Ada beberapa pengobatan untuk akromegali, dan setiap kasusnya berbeda. Dalam kebanyakan kasus, pengobatan seharusnya dibutuhkan sebelum pasien memiliki gejala akromegali. Kebanyakan orang yang mengalami akromegali berusia dewasa. Jika anak-anak bermasalah dengan produksi hormon pertumbuhan yang terlalu banyak, kondisi demikian disebut dengan gigantisme.

Penyebab Akromegali

Penyebab paling sering dari kondisi ini adalah tumor jinak di kelenjar hipofisis, yang terletak di bawah otak. Tumor hipofisis ini bukanlah kanker. Karena tumor inilah maka tubuh membuat terlalu banyak hormon pertumbuhan. Dalam kebanyakan kasus, tumor adalah adenoma kelenjar hipofisis.

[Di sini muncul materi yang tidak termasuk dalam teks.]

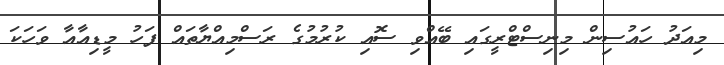
މިއަދު ހައުސިން މިނިސްޓްރީގައި ބޭއްވި ސޮއި ކުރުމުގެ ރަސްމިއްޔާތައް ފަހު މީޑިއާއާ ވަހަކަ
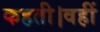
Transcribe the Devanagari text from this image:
कहती।वहीं
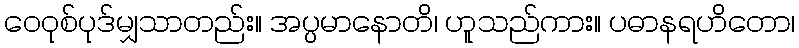
ဝေဝုစ်ပုဒ်မျှသာတည်း။ အပ္ပမာနောတိ၊ ဟူသည်ကား။ ပဓာနရဟိတော၊
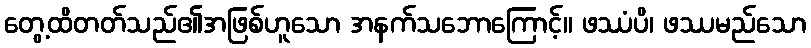
တွေ့ထိတတ်သည်၏အဖြစ်ဟူသော အနက်သဘောကြောင့်။ ဖဿံပိ၊ ဖဿမည်သော
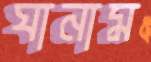
ঘানাম
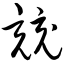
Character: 竞
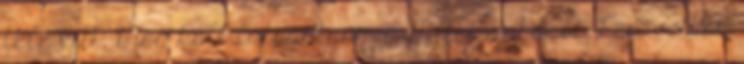
felé vitt. Meg kell látogatnom a Mitosz-shopot. Persze sok
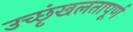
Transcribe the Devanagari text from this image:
उच्छृंखलतापूर्ण
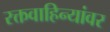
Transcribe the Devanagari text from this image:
रक्तवाहिन्यांवर
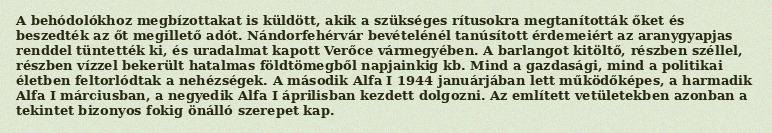
A behódolókhoz megbízottakat is küldött, akik a szükséges rítusokra megtanították őket és beszedték az őt megillető adót. Nándorfehérvár bevételénél tanúsított érdemeiért az aranygyapjas renddel tüntették ki, és uradalmat kapott Verőce vármegyében. A barlangot kitöltő, részben széllel, részben vízzel bekerült hatalmas földtömegből napjainkig kb. Mind a gazdasági, mind a politikai életben feltorlódtak a nehézségek. A második Alfa I 1944 januárjában lett működőképes, a harmadik Alfa I márciusban, a negyedik Alfa I áprilisban kezdett dolgozni. Az említett vetületekben azonban a tekintet bizonyos fokig önálló szerepet kap.
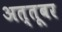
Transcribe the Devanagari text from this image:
अत्तूबर
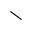
\setminus
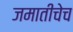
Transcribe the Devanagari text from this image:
जमातीचेच
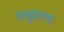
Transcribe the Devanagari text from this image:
मश्रूवाला

Sesekali, tumor di pankreas, hati, atau bagian dari otak dapat menyebabkan tingginya kadar hormon pertumbuhan yang mengarah ke kadar hormon yang lebih tinggi dari hormon lain, yang juga disebut hormon pertumbuhan seperti insulin atau insulin-like growth factor-I (IGF-I). Terlalu banyak IGF-I menyebabkan pertumbuhan jaringan lunak abnormal dan kerangka tulang, dan gejala lainnya yang khas dari akromegali dan gigantisme.

Faktor Risiko Akromegali

Faktor risiko umum dalam pengembangan kondisi ini terkait dengan faktor risiko perkembangan adenoma hipofisis. Adenoma hipofisis adalah penyebab akromegali yang paling umum.

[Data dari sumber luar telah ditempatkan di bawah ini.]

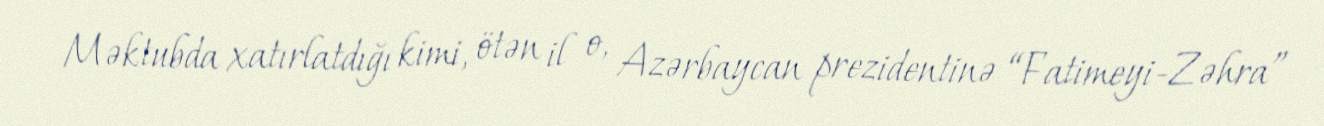
Məktubda xatırlatdığı kimi, ötən il o, Azərbaycan prezidentinə “Fatimeyi-Zəhra”
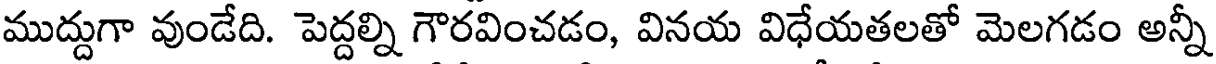
ముద్దుగా వుండేది. పెద్దల్ని గౌరవించడం, వినయ విధేయతలతో మెలగడం అన్నీ

Faktor risiko umum dalam pengembangan penyakit ini meliputi:

  • Riwayat keluarga adenoma hipofisis
  • Sindrom MacCun Albright
  • Kanker paru-paru
  • Tumor adrenal

Faktor risiko yang kurang umum dalam pengembangan akromegali adalah:

  • Wanita menopause dini
  • Menopause akibat operasi
  • Wanita usia muda saat melahirkan pertama

Gejala Akromegali

Ciri-ciri penyakit akromegali biasanya tampak pada tangan dan kaki yang mulai membesar. Penderita akan melihat perubahan di lingkar sepatu, ukuran sepatu, terutama lebar sepatu.

Fitur di wajah seperti pada bibir, hidung, dan lidah sering berubah menjadi lebih besar, bengkak, dan lebih luas. Gigi akan membesar sehingga kurang tempat dan tampak maju. Alis akan tampak lebih rendah karena tulang rahang dan dahi mulai membesar.

Gejala akromegali lainnya mungkin termasuk:

  • Nyeri sendi, mungkin disebabkan arthritis
  • Rambut tubuh kasar
  • Suara lebih dalam dan serak
  • Masalah saraf yang terjepit, terutama saraf yang keluar dari tulang belakang karena ukuran tulang yang membesar sehingga radiks (akar saraf) yang keluar dari medula spinalis akan terjepit
  • Tekanan darah tinggi
  • Penyakit jantung
  • Penebalan kulit
  • Banyak berkeringat disertai kulit berminyak
  • Sakit kepala
  • Mendengkur dan sleep apnea (napas tersendat ketika tertidur)
  • Kelemahan dan lelah
  • Carpal tunnel syndrome (kesemutan atau sakit di jari-jari)
  • Masalah penglihatan
  • Dorongan seks rendah
  • Perubahan siklus menstruasi dan ukuran payudara pada wanita
  • Disfungsi ereksi pada pria

Penderita penyakit ini terkadang dapat memiliki masalah seperti diabetes tipe 2, tekanan darah tinggi, beriko lebih tinggi penyakit jantung, dan pembesaran jantung.

Kapan Harus ke Dokter?

Jika mengalami ciri-ciri penyakit akromegali yang telah disebutkan di atas, segera periksakan diri ke dokter untuk menjalani pemeriksaan dan penanganan. Akromegali adalah penyakit yang biasanya berkembang lambat dan membutuhkan waktu bertahun-tahun.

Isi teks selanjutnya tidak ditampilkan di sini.